I liked him a lot yesterday. He was talking about Topgolf or Dave & Buster's. We have nothing in common with these businesses. We are 70%+ subscription. Our customer is using the club 12, 13 times per month. They just aren't going anywhere. They're not going to. This is their life. This is their social community. This is their habits. This is their exercise. This is their nutrition. They're not going anywhere. So every move we made this last four or five years was a move to focus on creating that visits per club, that engagement. And those visits per club result in more membership. And how we changed the equation, we deliberately decided to go to fewer memberships per club than we used to do in the past. That's leveled off now, and we are in an equilibrium from here going forward.

Memberships should grow as we grow more units. But we traded this proposition. We brought in fewer members, having them use the club a lot more, where the visits per club pretty much caught up with the high levels of 2019 by the back half of 2023. So mission accomplished. We got to where we wanted to by that time. Now, the price per membership has become the misunderstanding. Everybody thinks we achieved all of our success because price, price, price. They're wrong. The price per visit was actually increased over the last several years, less than accumulated inflation. So the actual value proposition went from good, great, to even better over the last four or five years. And if the result of that is not understood by any other measure than retention, in any subscription business, retention is the most important KPI.

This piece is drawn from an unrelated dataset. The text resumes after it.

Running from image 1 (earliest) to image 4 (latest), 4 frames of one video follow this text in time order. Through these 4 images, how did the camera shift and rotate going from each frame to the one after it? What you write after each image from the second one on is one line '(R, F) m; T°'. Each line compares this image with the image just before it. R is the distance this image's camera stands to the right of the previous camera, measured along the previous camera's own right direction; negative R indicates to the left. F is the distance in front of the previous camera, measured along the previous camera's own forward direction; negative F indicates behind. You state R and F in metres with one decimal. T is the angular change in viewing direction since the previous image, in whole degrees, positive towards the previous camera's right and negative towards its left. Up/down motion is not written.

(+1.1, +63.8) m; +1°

We are now delivering in 2024 the highest retention in our subscription in the history of a company with the great track records we've had. And that retention will only get better in the years to come. So 2025 will be better than 2024. The business model that we are executing now is the most homogeneous, higher-end leisure brand that is in subscription business. It's the best execution of everything we've done in the last 30 years, and results are speaking. We have the highest EBITDA margin. We have the highest revenue per sq ft. We have the highest engagement, highest retention. So when you look at this, this is exactly what we have laid out for that: optimize membership levels, enhance the member experience, expand programming. We are now at a point where we are able to put more and more clubs on waitlist.

As we put the clubs on the waitlist, the customer becomes stickier. They're less likely to give up their membership because they won't be able to get back in. We have maximum control on where we put the pricing in. And as retention goes up, we have a smaller leak in the loss on the side of the bucket. And that makes it so much easier to manage our membership and our revenues and our margins. So this is the most predictable business model, as you can see on what we've done with our historical financial results. And it's just now in a better position than the pre-pandemic. This is showing you the collective moves. We moved a bunch of our businesses just much like Vail Resorts did with the Epic Pass.

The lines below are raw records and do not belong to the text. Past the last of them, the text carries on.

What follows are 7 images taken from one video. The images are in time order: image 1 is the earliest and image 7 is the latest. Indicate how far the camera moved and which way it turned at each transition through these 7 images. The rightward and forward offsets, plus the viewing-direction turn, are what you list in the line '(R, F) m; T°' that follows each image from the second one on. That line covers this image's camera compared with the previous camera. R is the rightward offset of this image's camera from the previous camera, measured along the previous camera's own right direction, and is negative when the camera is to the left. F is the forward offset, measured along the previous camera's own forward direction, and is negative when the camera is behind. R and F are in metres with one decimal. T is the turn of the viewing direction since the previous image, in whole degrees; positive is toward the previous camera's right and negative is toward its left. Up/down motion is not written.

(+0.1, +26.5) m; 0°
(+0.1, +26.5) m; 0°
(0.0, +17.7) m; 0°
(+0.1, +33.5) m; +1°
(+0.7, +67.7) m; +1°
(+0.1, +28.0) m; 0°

We took a bunch of businesses where people were paying for small group training as a personal training on a one-off basis for court fees, for tennis, for pickleball. We created a Signature Membership. It's more like an Epic Pass. It basically gives them access to all things bundled inside the membership and moved more of the revenue into the much more predictable approach, which is really what has helped us achieve the results we're achieving. So the last piece that I want to walk you guys through is what we have been telling the street. This year, as I mentioned to you guys, in the next three to four months, we anticipate crossing over to cash flow positive after paying for all of our growth capital as well.

How we're doing that is that in the past, six, seven, eight years ago and back, we had really one way to grow our business. The traditional way was to buy eight, 10, 12 acres of land, take that piece of property, build the club, make it so it's basically enough members to pay the operating expenses and be able to pay the rent, and then we took it to the sale-leaseback to make it become asset-light. Today, when we created the solution, as you guys read in Wall Street Journal with David Simon, we basically put Life Time as the anchor that transforms the mall. So we get great economics from any of the mall owners to put our facility on the mall. We don't pay for the land. We don't pay for parking. We don't pay for infrastructure.

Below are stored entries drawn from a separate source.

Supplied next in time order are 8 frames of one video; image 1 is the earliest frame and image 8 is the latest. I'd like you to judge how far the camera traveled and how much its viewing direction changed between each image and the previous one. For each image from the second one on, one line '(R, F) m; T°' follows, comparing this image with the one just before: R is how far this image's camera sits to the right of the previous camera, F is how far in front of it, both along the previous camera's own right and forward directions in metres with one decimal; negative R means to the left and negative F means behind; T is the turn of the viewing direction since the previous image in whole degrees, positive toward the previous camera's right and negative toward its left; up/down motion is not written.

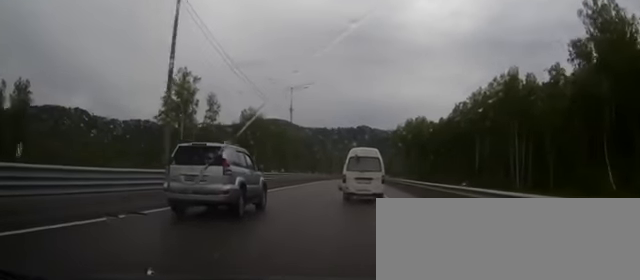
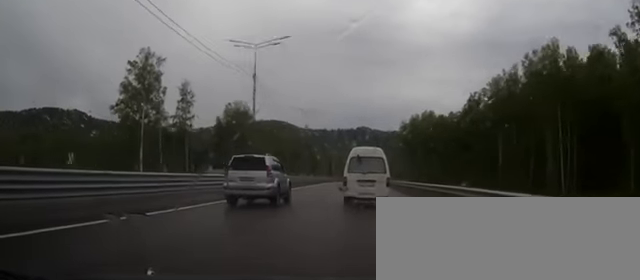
(0.0, +21.2) m; 0°
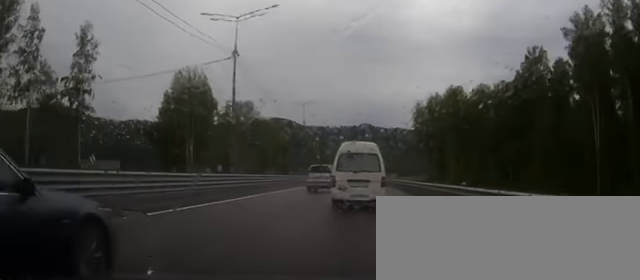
(0.0, +46.6) m; 0°
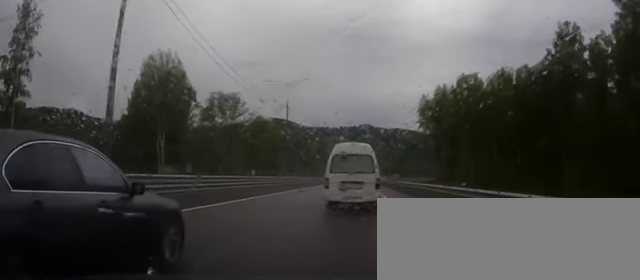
(0.0, +16.4) m; 0°
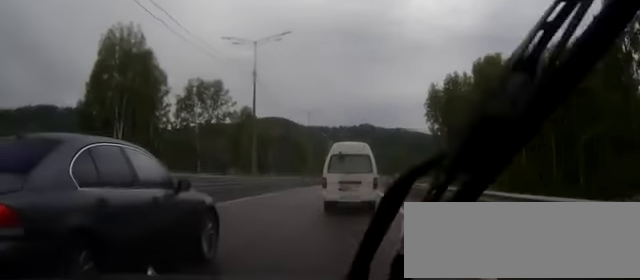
(0.0, +17.8) m; 0°
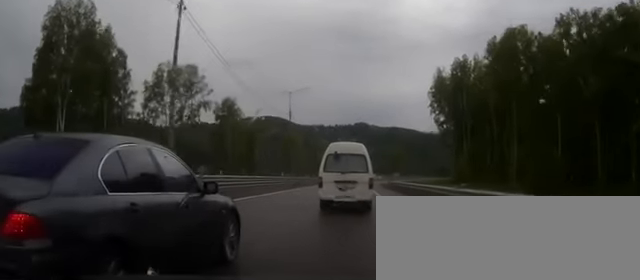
(+0.1, +16.1) m; 0°
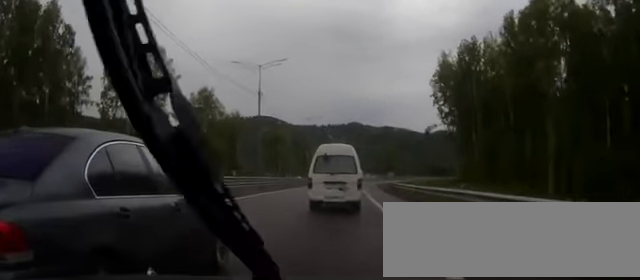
(0.0, +15.0) m; 0°
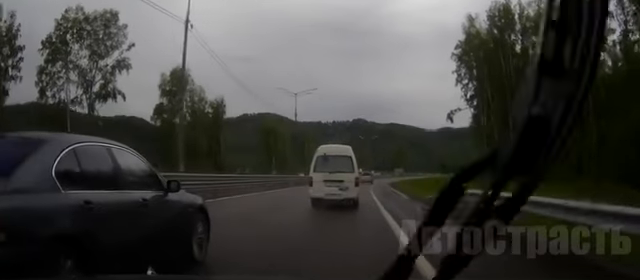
(+0.1, +21.5) m; 0°

They give us some capital upfront, and then we put the rest of the capital in. So it starts capital light, but still the big box model. The other approach is residential units. The three most important KPIs in resi business are rate per sq ft, ramp, how fast they ramp, and the third piece is retention. Now, with four, five, six locations with Life Time Living, we have proven we dramatically improve all three of those KPIs for resi buildings. So today, I would be basically underestimating if I told you we're in 20, 30, 40 discussions with people who are planning to build high rises to make those become Life Time Living brand. Life Time goes in as an amenity.

We get great economics for that piece of real estate so that it becomes serviced both as amenity to help them have better KPIs, and we get really, really low rent for what we deliver. So that's another way to grow. Office buildings are going to need a Life Time solution in order to revamp their businesses. We're talking to office owners who basically need to give us 50,000, 60,000, 70,000, 80,000 sq ft to create the amenity. And then we are taking over other facilities that they have not had the programming to support the changes that they didn't have those concepts. They don't have the branded programs. So we take over those fairly inexpensively. So when you look at this, now at least half, 60% of our portfolio comes through these opportunities.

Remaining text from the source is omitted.